Blended Dynamics and Emergence in Open Quantum Networks
Qinghao Wen, Zihao Ren, Lei Wang, Hyungbo Shim, Guodong Shi
TL;DR
"The Blended Dynamics and Emergence in Open Quantum Networks" addresses how open quantum networks with diffusive couplings exhibit emergent behavior. It extends classical blended dynamics to quantum settings by (i) defining blended reduced-state dynamics for separable Hamiltonian and dissipation and (ii) formulating blended coherent dynamics on the induced graph for inseparable cases, with explicit coupling-gain thresholds $K_c^*$. The main contributions are rigorous results showing convergence to a common equilibrium or common trajectory in the reduced-state case, and orbit attraction to a permutation-invariant subspace in the coherent case, all accompanied by finite-time closeness guarantees to the blended dynamics. The framework provides a principled, scalable tool to analyze and design emergent classical and quantum behaviors in diffusive open quantum networks, with numerical validations illustrating the theory.
Abstract
In this paper, we develop a blended dynamics framework for open quantum networks with diffusive couplings. The network consists of qubits interconnected through Hamiltonian couplings, environmental dissipation, and consensus-like diffusive interactions. Such networks commonly arise in spontaneous emission processes and non-Hermitian quantum computing, and their evolution follows a Lindblad master equation. Blended dynamics theory is well established in the classical setting as a tool for analyzing emergent behaviors in heterogeneous networks with diffusive couplings.
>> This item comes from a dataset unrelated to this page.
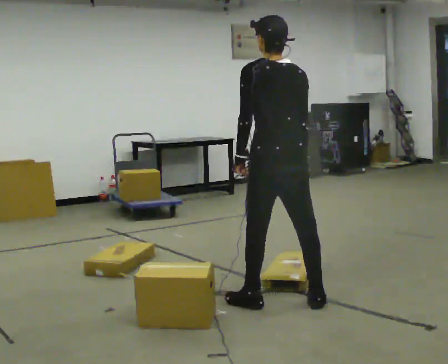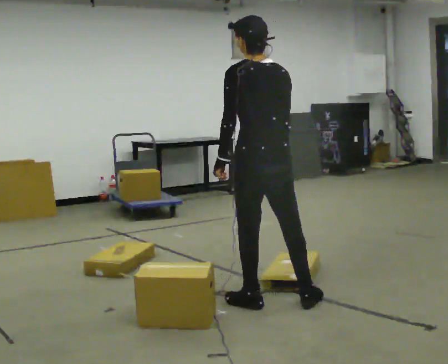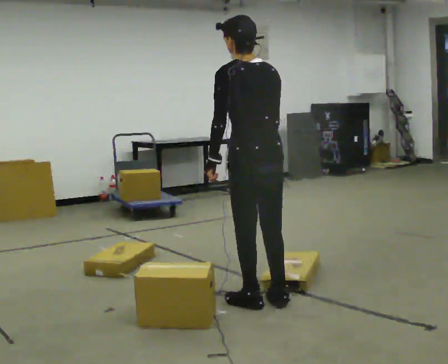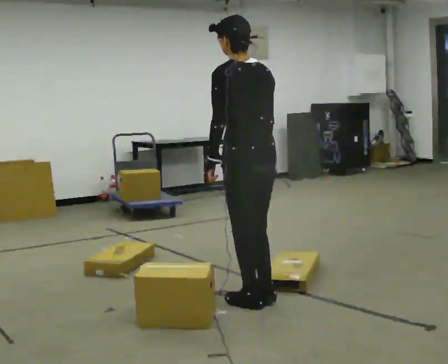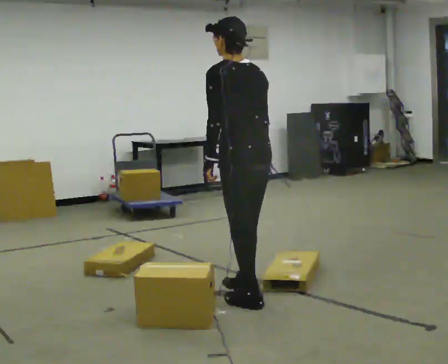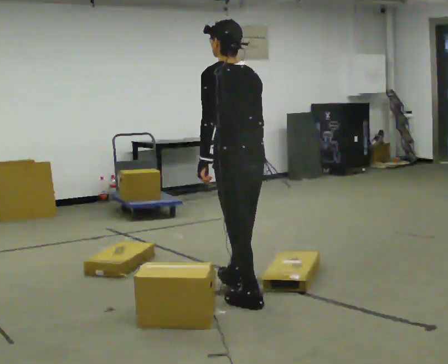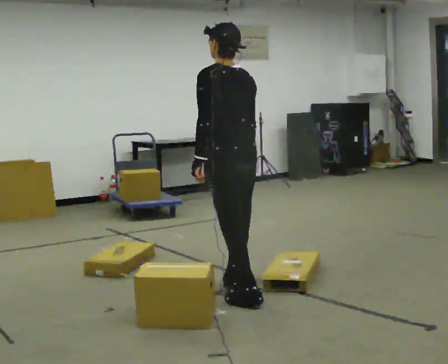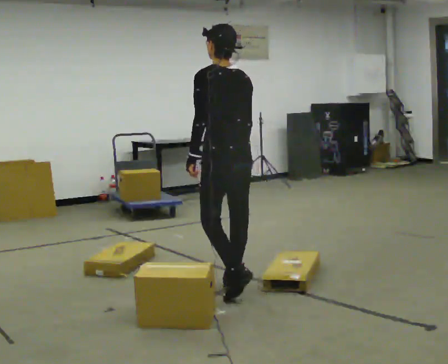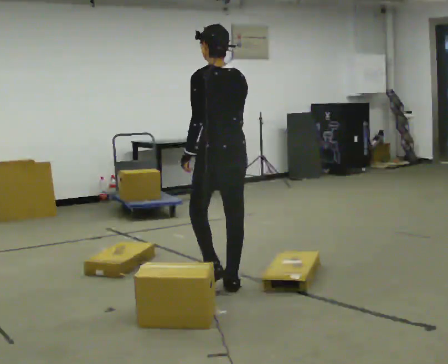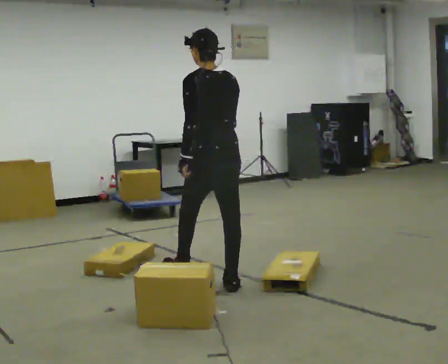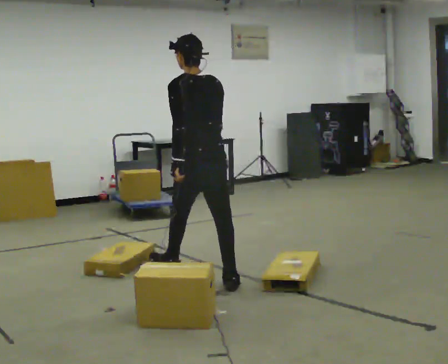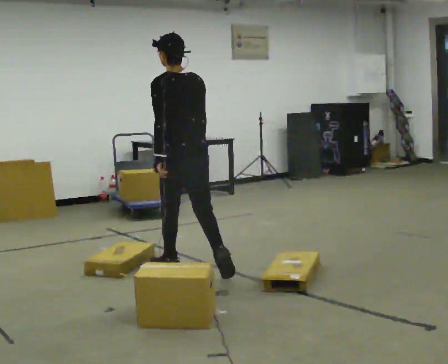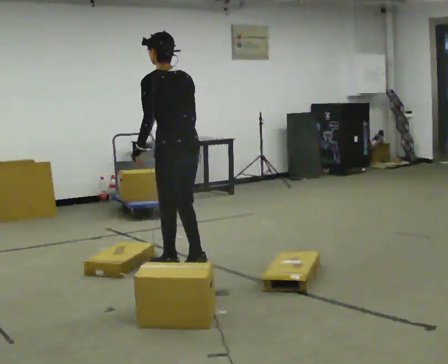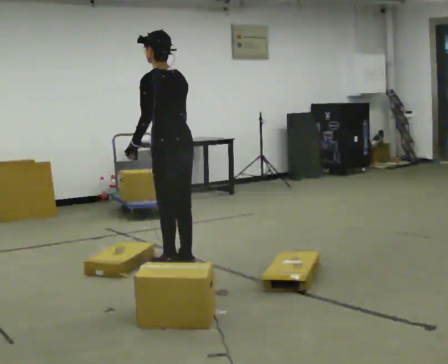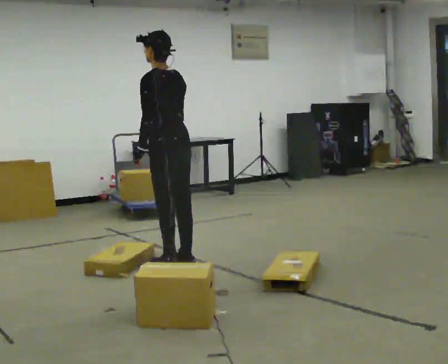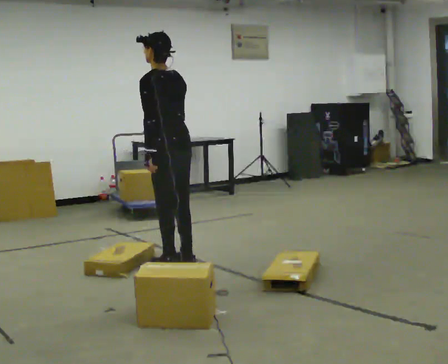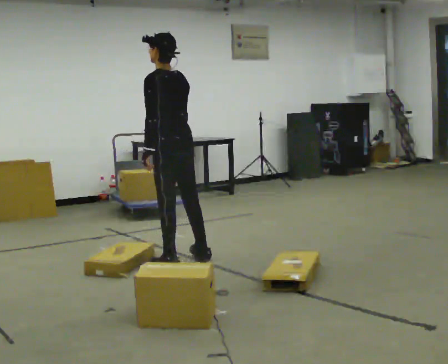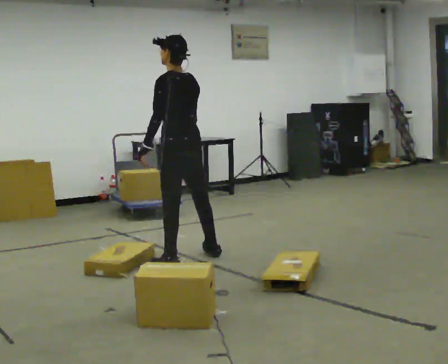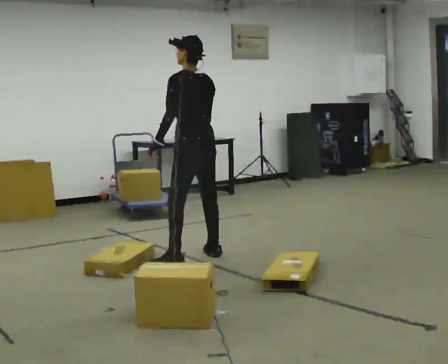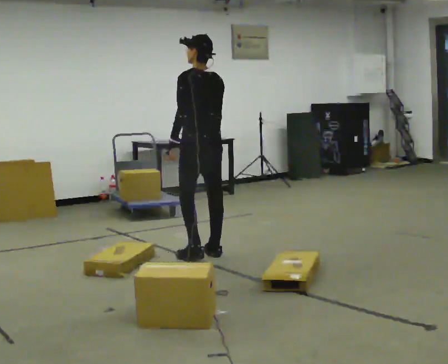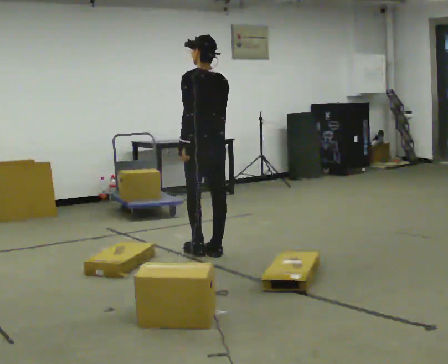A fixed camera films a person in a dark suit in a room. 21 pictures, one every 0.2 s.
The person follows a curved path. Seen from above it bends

Its key insight is to blend the local dynamics rather than the trajectories of individual nodes. Perturbation analysis then shows that, under sufficiently strong coupling, all node trajectories tend to stay close to those of the blended system over time. We first show that this theory extends naturally to the reduced-state dynamics of quantum networks, revealing classical-like clustering phenomena in which qubits converge to a shared equilibrium or a common trajectory determined by the quantum blended reduced-state dynamics. We then extend the analysis to qubit coherent states using quantum Laplacians and induced graphs, proving orbit attraction of the network density operator toward the quantum blended coherent dynamics, establishing the emergence of intrinsically quantum and dynamically clustering behaviors. Finally, numerical examples validate the theoretical results.